According to servant-leaders, culture differences are not problems, they are chances; opportunities to create something together that is stronger than the two parts.
Instead of watering down your own point of view, you can enjoin the opposite to make it watertight, turning your disadvantages into an advantage for both.
This entire process can only occur when there is an atmosphere of mutual trust. This trust comes out of the understanding that, at the deepest level, there is a commonality that all people share.
Differences are a certainty, but it is better not to increase them unnecessarily. It is an art to bring out those things that unify, with an open mind and respect for cultural differences. Beneath every difference, there is a shared foundation: humanity. There is recognition at the deepest levels because all over the planet people have the same big questions: What is the purpose of life? How can I be happy? What is my purpose on this Earth?
The answers that people come up with in different cultures are determined historically and culturally. With this view, we are suddenly no longer dealing with insurmountable differences, but with different accents. This realisation is a productive basis for intercultural management, a solid foundation that can be built upon. When people have this frame of reference, reconciliation is within reach.

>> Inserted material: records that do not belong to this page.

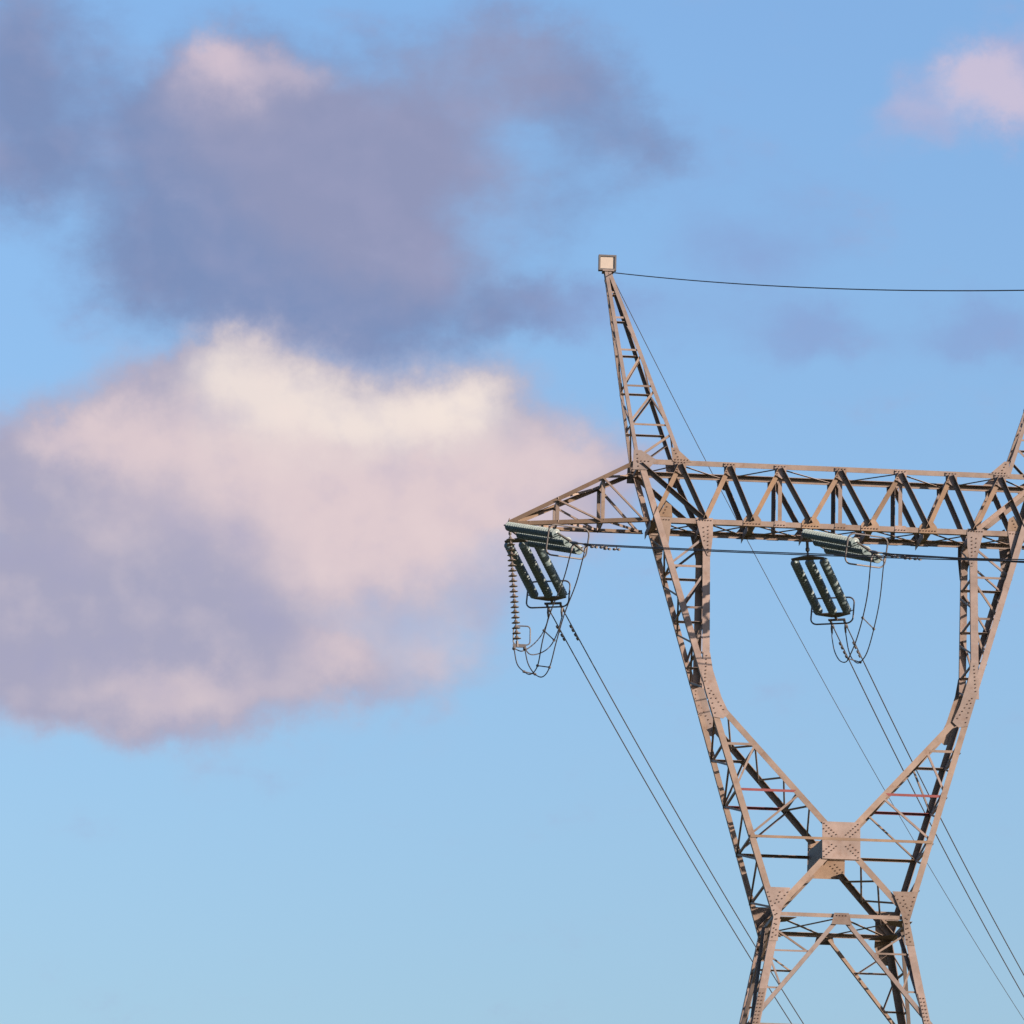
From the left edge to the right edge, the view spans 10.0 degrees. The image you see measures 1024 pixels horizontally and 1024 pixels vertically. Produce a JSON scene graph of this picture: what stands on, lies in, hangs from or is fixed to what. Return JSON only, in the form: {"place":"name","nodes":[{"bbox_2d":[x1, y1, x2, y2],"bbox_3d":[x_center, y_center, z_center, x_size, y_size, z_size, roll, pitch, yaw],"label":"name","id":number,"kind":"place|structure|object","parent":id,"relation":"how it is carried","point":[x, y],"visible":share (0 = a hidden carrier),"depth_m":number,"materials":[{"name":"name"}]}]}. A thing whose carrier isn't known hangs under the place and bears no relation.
{"place":"outdoors","nodes":[
{"label":"outdoors","id":0,"kind":"place"},
{"bbox_2d":[0,0,1023,1023],"label":"sky","id":1,"kind":"structure","parent":0,"point":[303,303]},
{"label":"ground","id":2,"kind":"structure","parent":0,"visible":0},
{"bbox_2d":[508,254,1023,1023],"bbox_3d":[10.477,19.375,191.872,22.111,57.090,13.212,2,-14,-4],"label":"transmission tower","id":3,"kind":"structure","parent":2,"relation":"on","point":[832,852],"depth_m":195.47,"materials":[{"name":"metal"}]},
{"bbox_2d":[506,531,530,650],"bbox_3d":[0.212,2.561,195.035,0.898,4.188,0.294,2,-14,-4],"label":"pilot insulator","id":4,"kind":"object","parent":3,"relation":"hanging from","point":[514,596],"visible":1,"depth_m":194.88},
{"bbox_2d":[504,538,570,616],"bbox_3d":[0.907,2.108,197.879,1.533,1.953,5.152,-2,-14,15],"label":"insulator set","id":5,"kind":"object","parent":3,"relation":"hanging from","point":[541,580],"visible":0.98,"depth_m":197.79,"materials":[{"name":"green glass"}]},
{"bbox_2d":[551,613,791,1023],"bbox_3d":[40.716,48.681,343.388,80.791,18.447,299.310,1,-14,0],"label":"conductor","id":6,"kind":"object","parent":5,"relation":"attached to","point":[561,634],"visible":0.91,"depth_m":213.77,"materials":[{"name":"metal"}]},
{"bbox_2d":[565,613,803,1023],"bbox_3d":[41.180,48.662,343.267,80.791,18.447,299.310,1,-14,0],"label":"conductor","id":7,"kind":"object","parent":5,"relation":"attached to","point":[575,633],"visible":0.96,"depth_m":213.11,"materials":[{"name":"metal"}]},
{"bbox_2d":[504,522,590,559],"bbox_3d":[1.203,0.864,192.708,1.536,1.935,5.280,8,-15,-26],"label":"insulator set","id":8,"kind":"object","parent":3,"relation":"hanging from","point":[545,538],"visible":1,"depth_m":192.26,"materials":[{"name":"green glass"}]},
{"bbox_2d":[514,551,584,677],"bbox_3d":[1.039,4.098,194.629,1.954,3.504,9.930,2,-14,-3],"label":"jumper cable","id":9,"kind":"object","parent":8,"relation":"hanging from","point":[554,640],"visible":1,"depth_m":192.40,"materials":[{"name":"metal"}]},
{"bbox_2d":[578,543,1023,559],"bbox_3d":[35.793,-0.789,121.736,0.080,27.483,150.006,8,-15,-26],"label":"conductor","id":10,"kind":"object","parent":8,"relation":"attached to","point":[602,547],"visible":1,"depth_m":177.16,"materials":[{"name":"metal"}]},
{"bbox_2d":[591,545,1023,561],"bbox_3d":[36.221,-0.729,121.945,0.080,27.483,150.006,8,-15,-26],"label":"conductor","id":11,"kind":"object","parent":8,"relation":"attached to","point":[616,548],"visible":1,"depth_m":177.41,"materials":[{"name":"metal"}]},
{"bbox_2d":[612,272,1023,290],"bbox_3d":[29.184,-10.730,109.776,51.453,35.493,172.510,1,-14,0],"label":"earth wire","id":12,"kind":"object","parent":3,"relation":"attached to","point":[817,287],"visible":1,"depth_m":177.16,"materials":[{"name":"metal"}]},
{"bbox_2d":[616,284,1023,1019],"bbox_3d":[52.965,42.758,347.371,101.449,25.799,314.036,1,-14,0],"label":"earth wire","id":13,"kind":"object","parent":3,"relation":"attached to","point":[790,620],"visible":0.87,"depth_m":219.03,"materials":[{"name":"metal"}]},
{"bbox_2d":[791,542,854,633],"bbox_3d":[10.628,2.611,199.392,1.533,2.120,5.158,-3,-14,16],"label":"insulator set","id":14,"kind":"object","parent":3,"relation":"hanging from","point":[820,585],"visible":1,"depth_m":199.02,"materials":[{"name":"green glass"}]},
{"bbox_2d":[834,629,1023,996],"bbox_3d":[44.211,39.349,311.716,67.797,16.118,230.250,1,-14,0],"label":"conductor","id":15,"kind":"object","parent":14,"relation":"attached to","point":[842,648],"visible":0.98,"depth_m":213.16,"materials":[{"name":"metal"}]},
{"bbox_2d":[847,628,1023,974],"bbox_3d":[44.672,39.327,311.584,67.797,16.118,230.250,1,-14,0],"label":"conductor","id":16,"kind":"object","parent":14,"relation":"attached to","point":[857,651],"visible":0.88,"depth_m":212.33,"materials":[{"name":"metal"}]},
{"bbox_2d":[800,528,890,567],"bbox_3d":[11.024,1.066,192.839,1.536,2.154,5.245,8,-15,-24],"label":"insulator set","id":17,"kind":"object","parent":3,"relation":"hanging from","point":[829,543],"visible":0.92,"depth_m":192.38,"materials":[{"name":"green glass"}]},
{"bbox_2d":[831,560,883,663],"bbox_3d":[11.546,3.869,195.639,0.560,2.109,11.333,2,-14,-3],"label":"jumper cable","id":18,"kind":"object","parent":17,"relation":"hanging from","point":[855,661],"visible":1,"depth_m":193.16,"materials":[{"name":"metal"}]},
{"bbox_2d":[878,553,1015,560],"bbox_3d":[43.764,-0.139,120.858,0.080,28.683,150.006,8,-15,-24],"label":"conductor","id":19,"kind":"object","parent":17,"relation":"attached to","point":[924,555],"visible":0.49,"depth_m":187.99,"materials":[{"name":"metal"}]},
{"bbox_2d":[891,554,1023,562],"bbox_3d":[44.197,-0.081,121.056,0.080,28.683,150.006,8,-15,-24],"label":"conductor","id":20,"kind":"object","parent":17,"relation":"attached to","point":[947,558],"visible":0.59,"depth_m":188.38,"materials":[{"name":"metal"}]}
]}

It was this kind of thinking that drove the merger between Dutch temp agencies Randstad and Vedior in 2008. During the integration they did not hire an expensive consulting company to come in and iron out the culture differences; instead organised 'get-togethers' where the employees were able to meet and get to know each other simply as people.

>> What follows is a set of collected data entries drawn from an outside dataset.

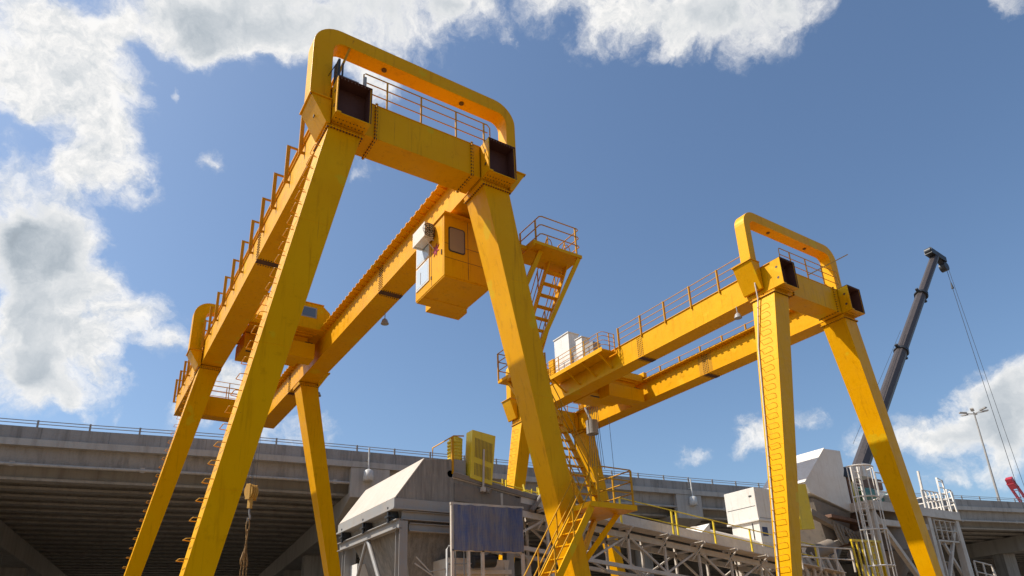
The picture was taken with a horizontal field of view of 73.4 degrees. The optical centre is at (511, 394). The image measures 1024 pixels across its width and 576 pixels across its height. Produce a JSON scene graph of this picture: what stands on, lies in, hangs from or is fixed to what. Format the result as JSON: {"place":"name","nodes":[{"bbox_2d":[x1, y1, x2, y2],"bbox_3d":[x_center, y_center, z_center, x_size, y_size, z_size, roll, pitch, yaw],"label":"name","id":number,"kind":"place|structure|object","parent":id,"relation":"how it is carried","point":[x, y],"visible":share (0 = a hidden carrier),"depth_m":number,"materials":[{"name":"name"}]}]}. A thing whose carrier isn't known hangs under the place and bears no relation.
{"place":"outdoors","nodes":[
{"label":"outdoors","id":0,"kind":"place"},
{"bbox_2d":[0,0,1023,501],"label":"sky","id":1,"kind":"structure","parent":0,"point":[142,142],"materials":[{"name":"blue"}]},
{"label":"ground","id":2,"kind":"structure","parent":0,"visible":0},
{"bbox_2d":[123,29,637,575],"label":"gantry crane","id":3,"kind":"object","parent":2,"relation":"on","point":[455,249],"visible":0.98,"depth_m":23.01,"materials":[{"name":"yellow paint"}]},
{"bbox_2d":[235,292,329,366],"bbox_3d":[-12.502,-3.075,36.724,4.330,2.970,3.800,11,-24,-31],"label":"hoist trolley","id":4,"kind":"object","parent":3,"relation":"on","point":[314,317],"visible":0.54,"depth_m":36.03,"materials":[{"name":"yellow metal"}]},
{"bbox_2d":[239,437,260,575],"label":"hook block","id":5,"kind":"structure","parent":4,"relation":"hanging from","point":[251,490],"depth_m":32.53,"materials":[{"name":"metal"}]},
{"bbox_2d":[336,458,514,575],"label":"aggregate bin","id":6,"kind":"object","parent":2,"relation":"on","point":[397,524],"visible":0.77,"depth_m":22.69,"materials":[{"name":"metal"}]},
{"bbox_2d":[433,555,511,575],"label":"weigh hopper","id":7,"kind":"object","parent":2,"relation":"on","point":[494,566],"visible":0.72,"depth_m":22.13,"materials":[{"name":"white metal"}]},
{"bbox_2d":[450,502,524,575],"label":"blue screen","id":8,"kind":"object","parent":2,"relation":"on","point":[482,528],"visible":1,"depth_m":21.88,"materials":[{"name":"blue metal"},{"name":"white steel"}]},
{"bbox_2d":[0,418,1023,575],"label":"viaduct","id":9,"kind":"object","parent":2,"relation":"on","point":[73,503],"visible":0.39,"depth_m":61.43,"materials":[{"name":"concrete"}]},
{"bbox_2d":[363,448,373,481],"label":"parapet lamp","id":10,"kind":"object","parent":9,"relation":"attached to","point":[368,475],"visible":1,"depth_m":53.17,"materials":[{"name":"silver metal"}]},
{"bbox_2d":[688,479,697,505],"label":"parapet lamp","id":11,"kind":"object","parent":9,"relation":"attached to","point":[693,500],"visible":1,"depth_m":67.44,"materials":[{"name":"silver metal"}]},
{"bbox_2d":[959,407,1000,500],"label":"lamp mast","id":12,"kind":"object","parent":9,"relation":"on","point":[981,410],"visible":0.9,"depth_m":89.94,"materials":[{"name":"grey metal"}]},
{"bbox_2d":[448,471,845,575],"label":"belt conveyor","id":13,"kind":"object","parent":2,"relation":"on","point":[627,528],"visible":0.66,"depth_m":27.12,"materials":[{"name":"white metal"}]},
{"bbox_2d":[432,435,465,474],"bbox_3d":[-2.243,2.079,23.562,1.272,1.438,0.605,11,-24,-31],"label":"drive motor","id":14,"kind":"object","parent":13,"relation":"on","point":[454,447],"visible":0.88,"depth_m":23.55,"materials":[{"name":"yellow paint"}]},
{"bbox_2d":[465,430,495,491],"bbox_3d":[-1.078,2.358,23.931,1.058,2.188,0.570,11,-24,-31],"label":"drive guard","id":15,"kind":"object","parent":13,"relation":"on","point":[479,453],"visible":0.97,"depth_m":23.82,"materials":[{"name":"yellow paint"}]},
{"bbox_2d":[687,524,773,548],"bbox_3d":[9.705,6.533,30.670,5.500,1.028,1.650,11,-24,-31],"label":"belt cover","id":16,"kind":"object","parent":13,"relation":"on","point":[705,527],"visible":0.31,"depth_m":29.69,"materials":[{"name":"white metal"}]},
{"bbox_2d":[499,212,942,575],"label":"gantry crane","id":17,"kind":"object","parent":2,"relation":"on","point":[783,301],"visible":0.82,"depth_m":33.72,"materials":[{"name":"yellow paint"}]},
{"bbox_2d":[573,372,646,406],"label":"hoist trolley","id":18,"kind":"object","parent":17,"relation":"on","point":[623,390],"visible":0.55,"depth_m":44.06,"materials":[{"name":"yellow metal"}]},
{"bbox_2d":[724,487,773,575],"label":"dust collector","id":19,"kind":"object","parent":2,"relation":"on","point":[749,508],"visible":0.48,"depth_m":31.59,"materials":[{"name":"metal"}]},
{"bbox_2d":[763,448,972,575],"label":"mixing plant","id":20,"kind":"object","parent":2,"relation":"on","point":[840,506],"visible":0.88,"depth_m":34.79,"materials":[{"name":"white paint"}]},
{"bbox_2d":[829,247,1023,559],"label":"mobile crane","id":21,"kind":"object","parent":2,"relation":"on","point":[892,377],"visible":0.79,"depth_m":62.55,"materials":[{"name":"paint"}]},
{"bbox_2d":[932,519,996,575],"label":"ladder tower","id":22,"kind":"structure","parent":2,"relation":"on","point":[944,543],"depth_m":37.98,"materials":[{"name":"metal"}]},
{"bbox_2d":[1005,477,1023,501],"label":"red lattice crane","id":23,"kind":"object","parent":2,"relation":"on","point":[1011,483],"visible":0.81,"depth_m":139.41,"materials":[{"name":"paint"}]}
]}

Instead of focusing on the large differences between the two organisations and giving employees tools to deal with the differences, people across the organisation were zooming in on the underlying foundation.
At every level and in every department, employees were invited to share their personal stories with their new colleagues. Meeting others for the first time via emotional lifelines, during which people shared the important moments in their lives with each other including past mistakes and painful memories, created a strong bond.
"People are people, regardless of their cultural background," explains Tex Gunning, then CEO of Vedior and believer in an interpersonal approach. "Focusing on what you share and the ways in which you resemble each other leads to a sense of connection, humanity and compassion.
"If you come together at the most fundamental levels, you will see each other eye-to-eye. That makes sustainable change possible."